Man in the High Castle season 3 finally explored its Jewish characters

Man in the High Castle season 3 finally explored its Jewish characters

There’s something cathartic about watching a show where people fight back against Nazis.

Such is the attraction to Amazon’s The Man in the High Castle, which depicts a world in which the Axis powers won World War II, and the Nazis and Japanese occupy the United States. As the world deals with what many political writers call new strains of fascism, a show that bluntly depicts Nazis as the unequivocal bad guys feels like a relief. The series shows what happens when extreme oppression is exerted over the masses, and how specific groups suffer. When the son of a prominent Nazi officer finds out he is chronically ill, the show deals with the Nazis’ policy of euthanizing the chronically ill and disabled. It delves into the pressure women are put under in the Reich to have children. Perhaps more than anything, it’s a stark reminder of how easily people can get used to anything.

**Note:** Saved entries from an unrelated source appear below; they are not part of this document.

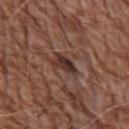Q: Was this lesion biopsied?
A: total-body-photography surveillance lesion; no biopsy
Q: What is the imaging modality?
A: total-body-photography crop, ~15 mm field of view
Q: What are the patient's age and sex?
A: male, in their 70s
Q: Lesion location?
A: the left upper arm
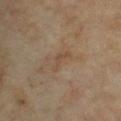workup: no biopsy performed (imaged during a skin exam); site: the chest; subject: male, about 65 years old; image: ~15 mm crop, total-body skin-cancer survey; lighting: cross-polarized.
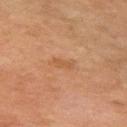| feature | finding |
|---|---|
| biopsy status | imaged on a skin check; not biopsied |
| lighting | cross-polarized illumination |
| location | the right upper arm |
| subject | female, aged 58–62 |
| automated lesion analysis | an area of roughly 3.5 mm² and a symmetry-axis asymmetry near 0.35; a border-irregularity index near 3.5/10 and internal color variation of about 1 on a 0–10 scale; a nevus-likeness score of about 0/100 and a lesion-detection confidence of about 100/100 |
| lesion size | about 3 mm |
| acquisition | total-body-photography crop, ~15 mm field of view |
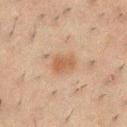follow-up=catalogued during a skin exam; not biopsied | lighting=cross-polarized illumination | patient=male, aged 48 to 52 | image-analysis metrics=a symmetry-axis asymmetry near 0.2; a border-irregularity index near 2/10, a color-variation rating of about 2/10, and a peripheral color-asymmetry measure near 1 | image source=total-body-photography crop, ~15 mm field of view | anatomic site=the chest | diameter=~3 mm (longest diameter).
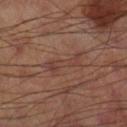<record>
<biopsy_status>not biopsied; imaged during a skin examination</biopsy_status>
<lighting>cross-polarized</lighting>
<lesion_size>
  <long_diameter_mm_approx>5.0</long_diameter_mm_approx>
</lesion_size>
<image>
  <source>total-body photography crop</source>
  <field_of_view_mm>15</field_of_view_mm>
</image>
<site>leg</site>
<automated_metrics>
  <vs_skin_darker_L>6.0</vs_skin_darker_L>
  <vs_skin_contrast_norm>5.5</vs_skin_contrast_norm>
  <border_irregularity_0_10>6.5</border_irregularity_0_10>
  <color_variation_0_10>1.5</color_variation_0_10>
  <peripheral_color_asymmetry>0.5</peripheral_color_asymmetry>
  <nevus_likeness_0_100>0</nevus_likeness_0_100>
  <lesion_detection_confidence_0_100>95</lesion_detection_confidence_0_100>
</automated_metrics>
</record>
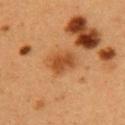The lesion was photographed on a routine skin check and not biopsied; there is no pathology result. A close-up tile cropped from a whole-body skin photograph, about 15 mm across. The lesion is on the arm. A female subject, aged approximately 40.
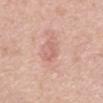Q: Was a biopsy performed?
A: catalogued during a skin exam; not biopsied
Q: Illumination type?
A: white-light
Q: How large is the lesion?
A: about 3 mm
Q: Who is the patient?
A: male, aged approximately 80
Q: How was this image acquired?
A: total-body-photography crop, ~15 mm field of view
Q: Lesion location?
A: the abdomen
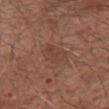The lesion was photographed on a routine skin check and not biopsied; there is no pathology result.
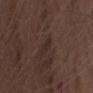Q: Was a biopsy performed?
A: no biopsy performed (imaged during a skin exam)
Q: How large is the lesion?
A: ~2 mm (longest diameter)
Q: Lesion location?
A: the abdomen
Q: What are the patient's age and sex?
A: male, in their 70s
Q: How was this image acquired?
A: total-body-photography crop, ~15 mm field of view
Q: Illumination type?
A: white-light
Q: Automated lesion metrics?
A: an average lesion color of about L≈26 a*≈15 b*≈19 (CIELAB), about 4 CIELAB-L* units darker than the surrounding skin, and a lesion-to-skin contrast of about 5 (normalized; higher = more distinct); border irregularity of about 2.5 on a 0–10 scale
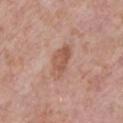follow-up = total-body-photography surveillance lesion; no biopsy | patient = male, aged 78–82 | illumination = white-light | site = the chest | image = ~15 mm tile from a whole-body skin photo.
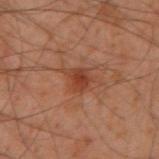Case summary:
– workup: catalogued during a skin exam; not biopsied
– subject: male, about 50 years old
– location: the left arm
– image-analysis metrics: an average lesion color of about L≈33 a*≈22 b*≈27 (CIELAB), roughly 8 lightness units darker than nearby skin, and a normalized lesion–skin contrast near 7; lesion-presence confidence of about 100/100
– illumination: cross-polarized
– acquisition: ~15 mm tile from a whole-body skin photo
– lesion diameter: ≈3 mm
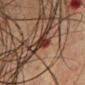notes = catalogued during a skin exam; not biopsied
illumination = cross-polarized
image = total-body-photography crop, ~15 mm field of view
size = ~2.5 mm (longest diameter)
location = the chest
subject = male, in their mid-60s
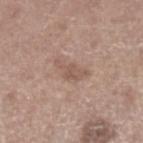Findings:
* notes · imaged on a skin check; not biopsied
* patient · male, aged around 65
* anatomic site · the left lower leg
* size · ~4 mm (longest diameter)
* image · 15 mm crop, total-body photography
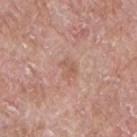| field | value |
|---|---|
| notes | total-body-photography surveillance lesion; no biopsy |
| acquisition | 15 mm crop, total-body photography |
| patient | male, approximately 65 years of age |
| diameter | ~2.5 mm (longest diameter) |
| site | the front of the torso |
| automated metrics | an outline eccentricity of about 0.7 (0 = round, 1 = elongated); a lesion–skin lightness drop of about 7 and a lesion-to-skin contrast of about 5 (normalized; higher = more distinct); a nevus-likeness score of about 0/100 and a lesion-detection confidence of about 100/100 |
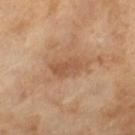follow-up: total-body-photography surveillance lesion; no biopsy | subject: male, in their mid- to late 60s | lesion size: ≈4.5 mm | image: total-body-photography crop, ~15 mm field of view | TBP lesion metrics: an outline eccentricity of about 0.85 (0 = round, 1 = elongated); a border-irregularity rating of about 3.5/10, a within-lesion color-variation index near 3/10, and peripheral color asymmetry of about 1.

Considering that, the first two seasons of The Man in the High Castle have a dearth of minority characters, particularly ones who are Jewish. Jewish characters are referenced throughout the show, but are almost never the direct focus. “Semitic terrorists,” the alt-history’s colloquialism for Jewish rebels, are mentioned frequently by the Nazis, but we rarely meet anyone who fits the bill. Even when we do interact with the Resistance, they’re usually not Jewish. In season three, which dropped on Oct. 5th, the show makes significant strides in exploring the Jewish underground world in a world that has gone to great lengths to snuff them out.

The two biggest Jewish characters on the series are Frank Frink (Rupert Evans) and Mark Sampson (Michael Gaston). In the first couple of seasons, Mark had only a small role as a hardware store owner, and as part of the small, secretly practicing Jewish community in San Francisco (since San Francisco is under Japanese control, rather than the Nazis, Jews are often allowed to fly under the radar). In season three, the show ups his role to series regular, and he plays a key part in Frank’s development.

This isn’t the first time he’s helped Frank open up to his identity. Frank, who is only a quarter Jewish, doesn’t identify as such when we first meet him in season one. When his family members are killed with the excuse that they’re Jewish, Mark helps Frank through the grieving process by reciting the traditional “kadish,” a Jewish mourning practice, with Frank. It is one of the most moving scenes in the entire show, as Frank finally breaks down and grieves for his family during the prayer. Throughout the entire first two seasons, we see how this loss tortures Frank, and causes him to really confront and struggle with his Jewish identity.


man in the high castle

Amazon Studios

The first time we see Frank and Mark in season three, they are in a little town out in the desert in the Neutral Zone. With crosses posted all around it, the enclave masquerades as an Christian haven. In fact, the entire town is populated by Jews, secretly practicing, living, and more importantly, surviving. This is the first time we see Jewish characters living on a large scale in the show. Their name is Sabra, for a type of cactus that thrives even in the middle of the desert. The town is not invested in fighting the Nazis. Their goals are more long term than that. They know they can’t risk getting wiped out by participating in dangerous missions to overthrow the Nazis. Their survival is the most potent act of defiance they can think of.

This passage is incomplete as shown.